Census is a platform for building large-scale distributed applications that provides a membership service and a multicast mechanism. The membership service provides every node with a consistent view of the system membership, which may be global or partitioned into location-based regions. Census distributes membership updates with low overhead, propagates changes promptly, and is resilient to both crashes and Byzantine failures.
Census is designed to provide this consistent membership abstraction at very large scale, e.g. multi-site datacenters. It does this using a novel multicast mechanism that is closely integrated with the membership service.
Commodity operating systems are complex and prone to compromise. Overshadow is a virtual-machine-based system for protecting the privacy and integrity of unmodified applications even when the OS they run on is completely compromised. Overshadow uses multi-shadowing, a new technique that uses the hypervisor to provide the application with a normal view of its resources, but the OS with an encrypted view.

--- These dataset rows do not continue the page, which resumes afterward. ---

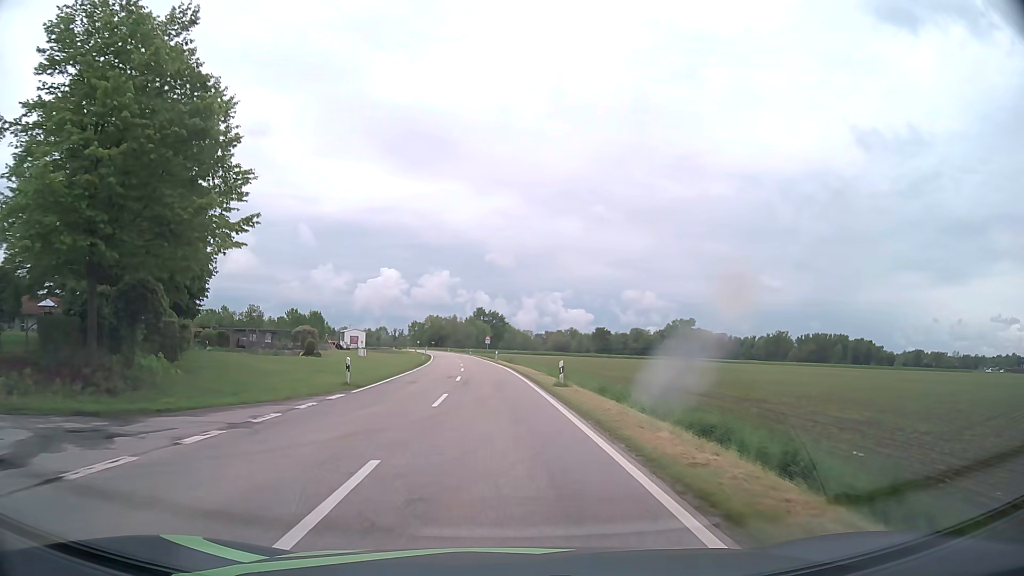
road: tertiary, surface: asphalt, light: Day
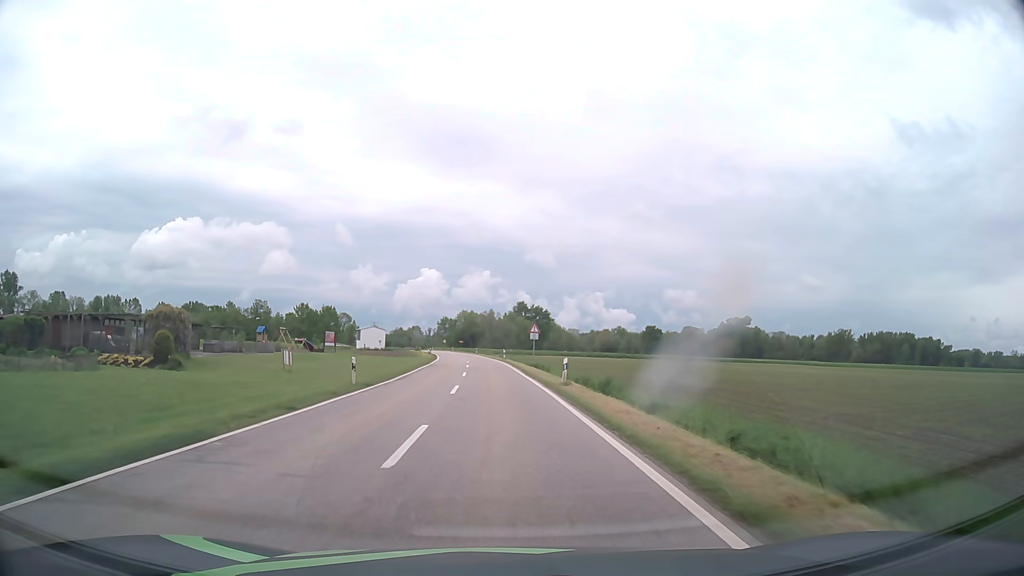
(-1.3, +45.0) m; -3°
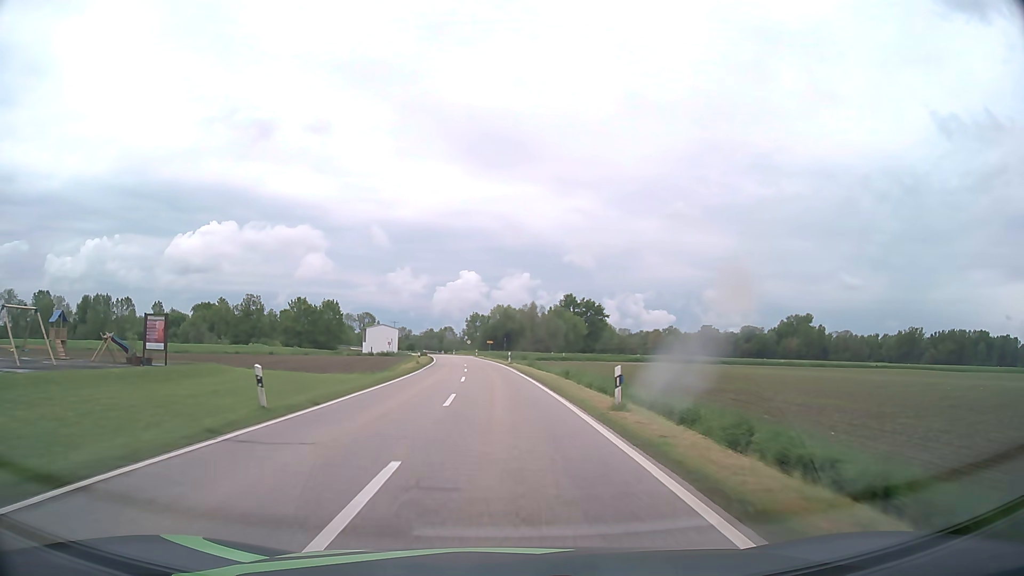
(-1.6, +53.0) m; -3°
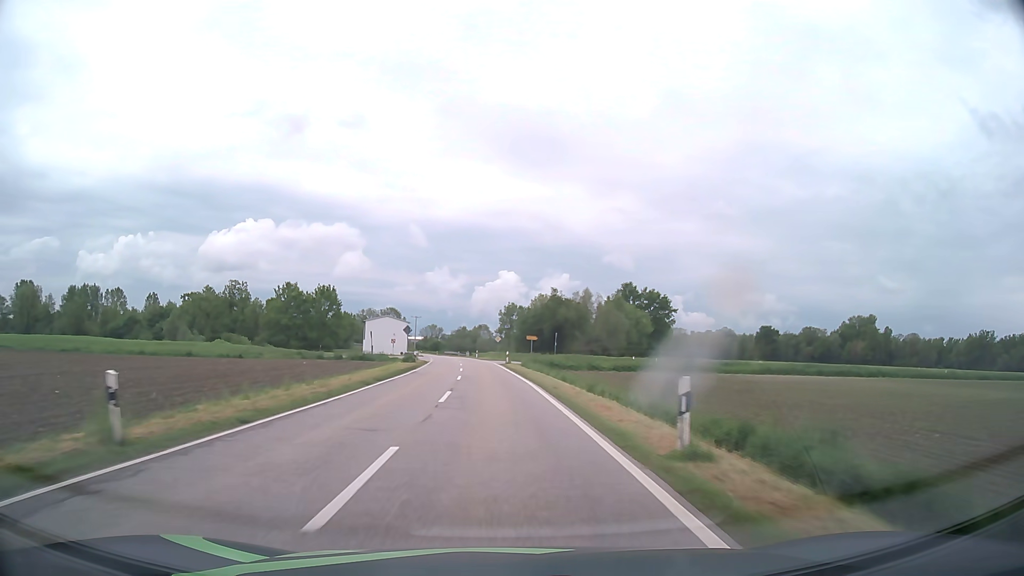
(-1.3, +47.7) m; -3°
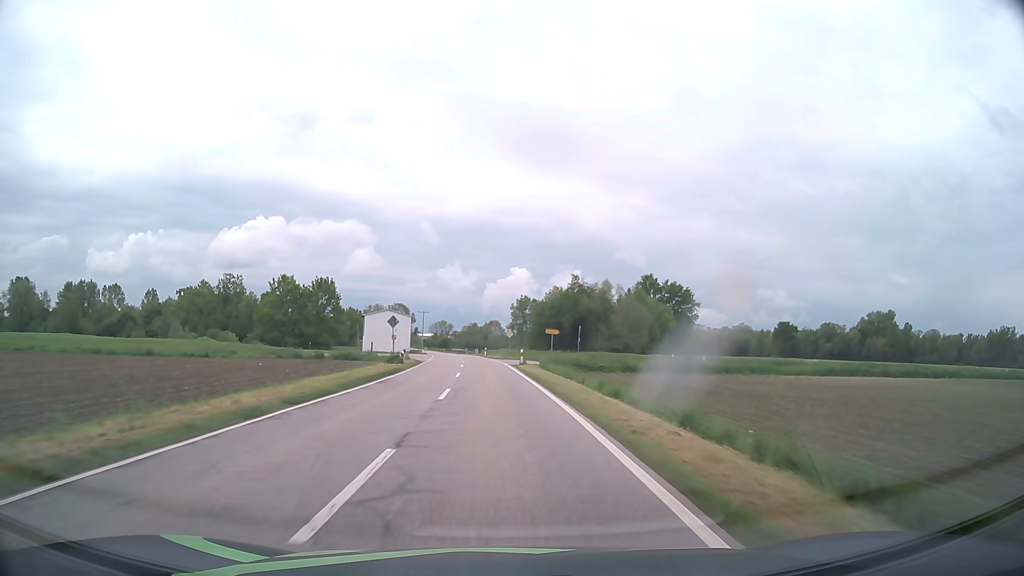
(-0.1, +12.6) m; -1°
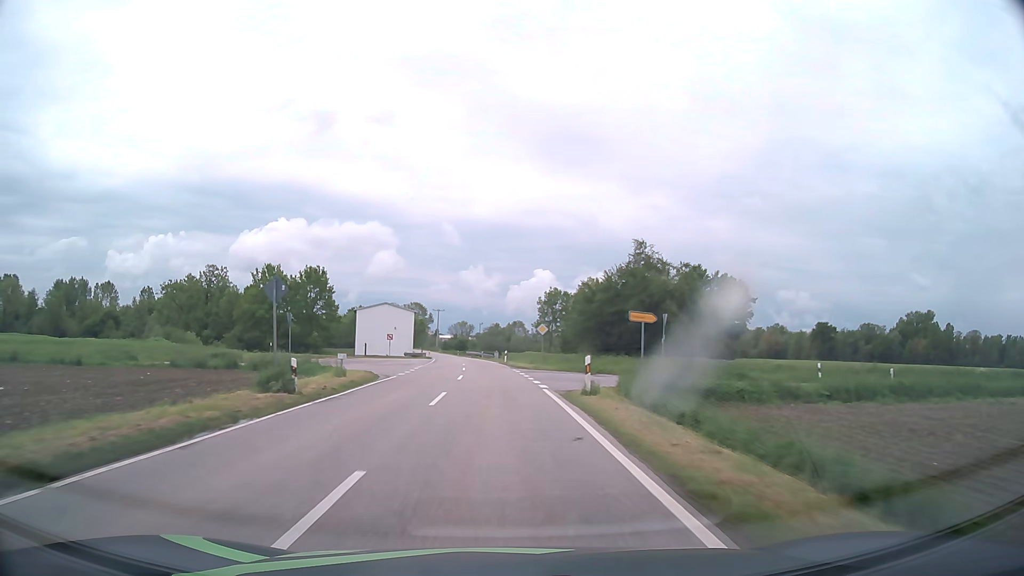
(-0.5, +26.0) m; -2°
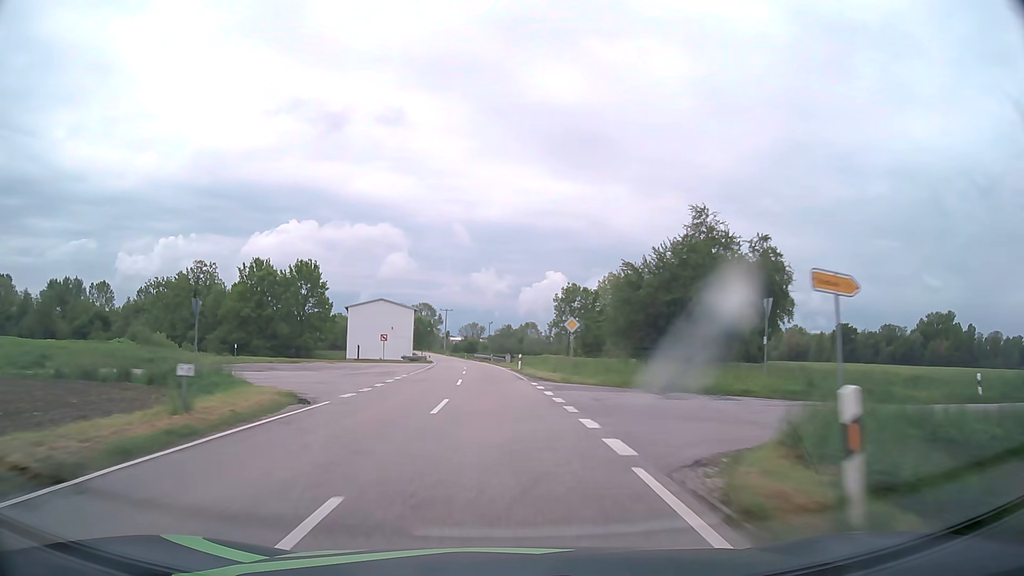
(-0.1, +13.3) m; -1°
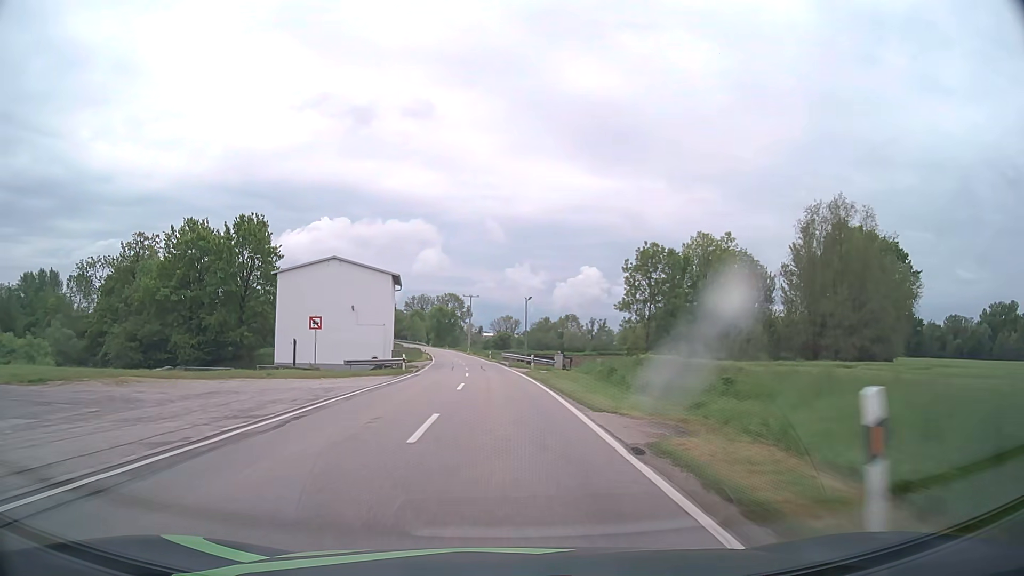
(-1.1, +40.7) m; -3°
(0, +10) (0, +20) (0, +30) (-1, +40) (-1, +50) (-2, +60) (-3, +70) (-4, +80) (-5, +90) (-6, +100) m

This allows the operating system to remain responsible for managing application resources, without being able to read or modify their contents, permitting a smaller trusted computing base.
Later work considered the security implications of malicious OSes, an analysis relevant not just to Overshadow but also to other systems that protect security-critical portions of applications from the OS. Previous work focused on CPU and memory isolation; our analysis instead examined higher-level semantic attacks, where malicious misbehavior by various OS components can undermine application security, and proposed an architecture for mitigating them.
Arpeggio is a peer-to-peer file-sharing network based on the Chord distributed hash table. It performs search queries based on file metadata efficiently by using a distributed keyword-set index, augmented with index-side filtering. Arpeggio also introduces new techniques for tracking the availability of data without inserting the data itself into the DHT, and for using information in the index to improve the availability of rare files.